Survivors’ Fallacy alert!!!

Tens, nay hundreds of thousands (OK more like tens of millions) of children have brought their school lunches to school and kept them at room temperature in their lockers for a few hours before eating them. I am one of them. So are most (American) Dopers. It’s been going on since universal public education became a thing in this country, and it will continue to go on for the forseeable future.

Still, reports of schoolchildren being sickened by their own lunches, that they brought from home, are rare to nonexistent.

Sometimes people just need to lighten up. I remember being in Paris c. 1986 and eating at a restaurant (not a 3-star Parisian, destination restaurant, but just a … restaurant) and there was a cat walking around, getting pets from the patrons. No one cared. But in the US the Health Department would have that place shut down before closing hours.

Regarding allergy risks: forgive my Gen-X way of thinking about this, but if Malcolm has a peanut allergy, he’ll know quite well by third grade not to eat half of Dewey’s peanut butter sammich. We don’t need to prevent Malcolm from brining peanut butter sammiches to school because of it.

I’m an Xer, had a camper with a peanut allergy when I worked at a summer camp close to 40 years ago. After camp he was at a birthday party, ate a cupcake that unknowingly had peanuts, and died.

Please do not brine your peanut butter sandwich

Well certainly we must all be aware of the potential for unknown ingredients. But a peanut butter sammich is obvious. Brined or not.

Hey, you can share the “good part” of your school lunch with him, although he has the exact same lunch. Maybe he eats a lot. LOL

I won’t bore you with trials and tribulations of my school lunch problems, as a diabetic child. And the fact my Daddy was military so I went to numerous schools(Somewhere along the line I think I missed 3rd grade completely).

Explanations to school authority was always a big hairy deal.
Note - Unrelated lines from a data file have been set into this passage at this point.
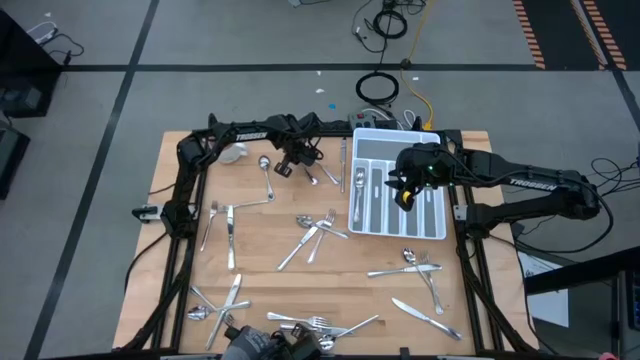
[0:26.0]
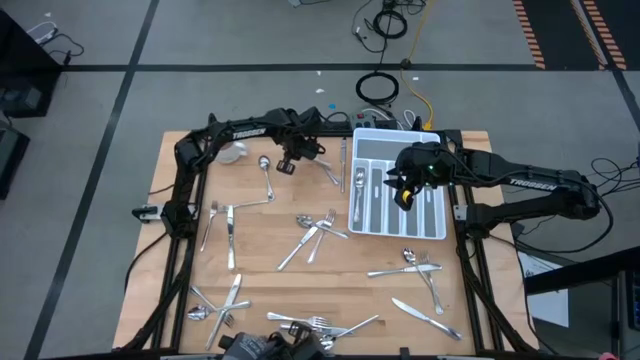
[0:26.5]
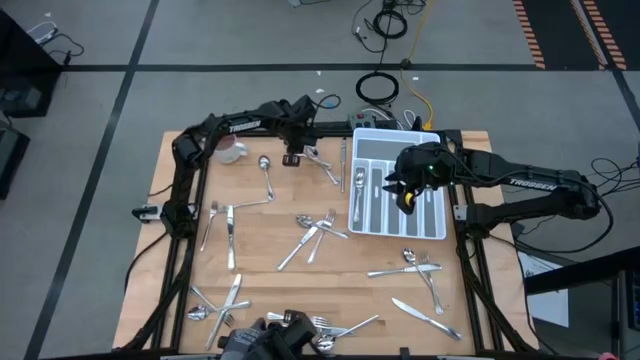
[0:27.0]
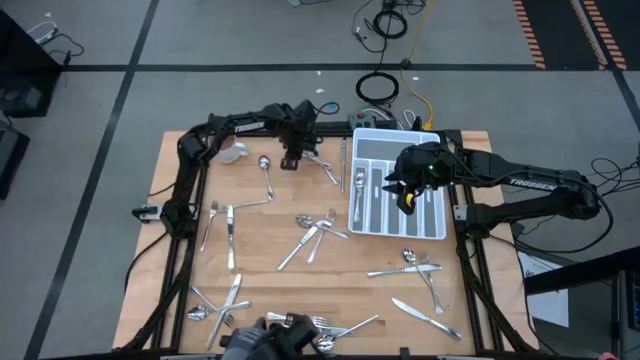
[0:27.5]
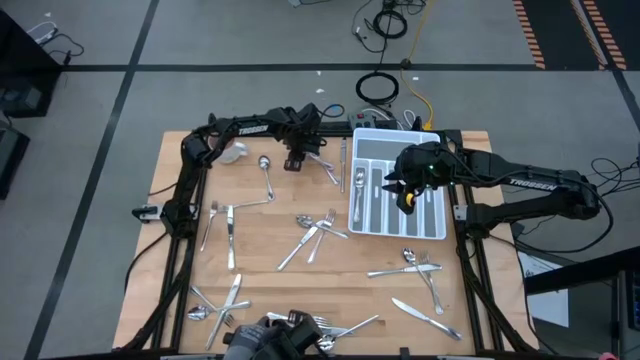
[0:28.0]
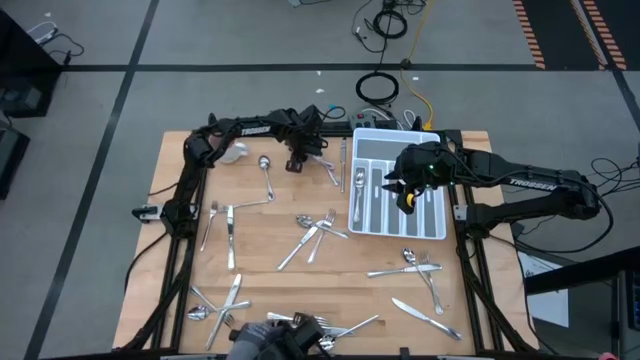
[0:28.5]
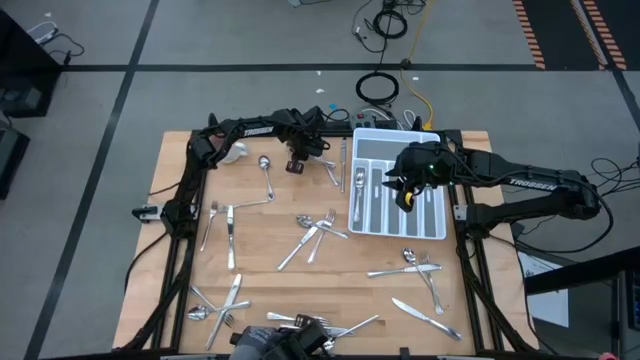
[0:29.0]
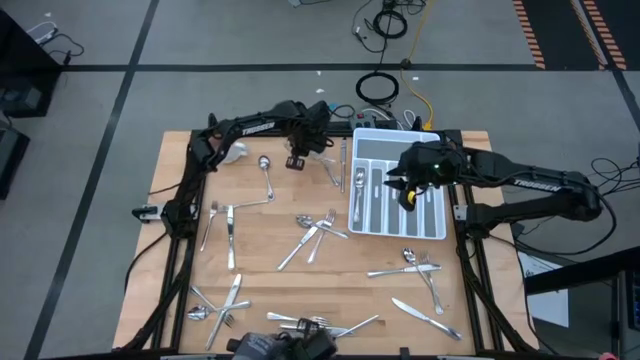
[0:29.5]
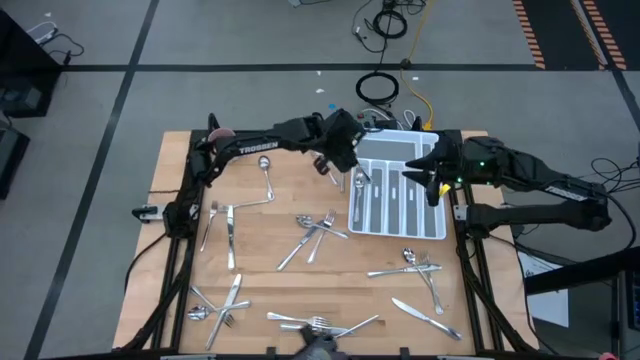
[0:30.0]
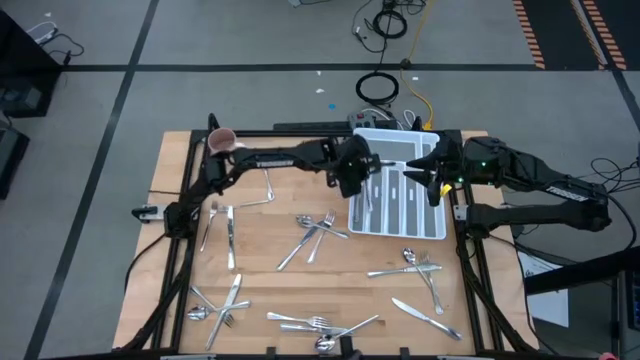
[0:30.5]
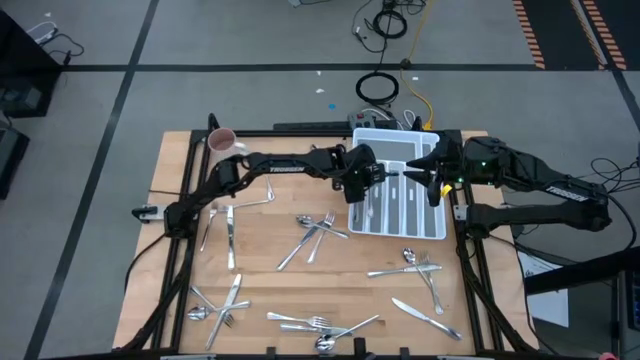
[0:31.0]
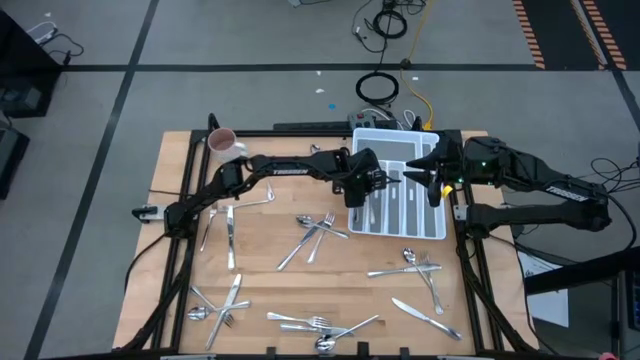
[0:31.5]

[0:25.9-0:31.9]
Task: Sort silverware
Put the silver fork into the silverware tray

One school would not let me near the cafeteria. As if a hostess cupcake in the vicinity would kill me. I had to eat my brown bag lunch in the nurses office.

Heck I kinda liked it. I saw lots of stuff go down that I found interesting and didn’t have to deal with making polite lunch table conversation (yay!).

My snacks were kept in the nurses fridge. I took a bunch of guff from kids if I ate snacks and they didn’t have them. So it was better to not be seen.

God, I was such a headache of a kid!

Good thing I was adorable :wink:

PS…my lunch was in the fridge so no belly-ache. I would have used that excuse had I known.

I think to some extent , that depends on what the lunch is - peanut butter is probably safe for a few hours as are most of the cold cuts and cheeses that might be in a kid’s sandwich. But I always packed a cooler pack with my kids lunches , because I could. Not sure if they had them when I was young.

Damn good question, and impossible to answer. When I was growing up in Dallas in the 1950s, we didn’t have air conditioning, and butter would melt if we left it on the counter. Milk went sour, and nuts would go rancid. The solution for school lunches was to literally put them in the freezer the night before.

My wife, who grew up on the Great Lakes, laughs at my insistence on putting everything right back in the refrigerator immediately after I use it. But once you’ve had salmonella, you’ll keep food cold.

I grew up in a place where we had temperatures in the 90s and 100s more or less year round. Some kind of “potted meat” sandwich was extremely popular as a school lunch. No refrigeration, no cooling packs. Never heard of anyone getting food poisoning, but food poisoning was ridiculously common, because clean water was not generally available.

Huh? It was ridiculously common, but you never heard of it happening?

Who refrigerates their peanut butter? I would think peanut butter isn’t going to be any more of a concern than the bread is.

Not specifically from school lunch. Because food borne illness was so common it would be hard to narrow down the source to a school lunch.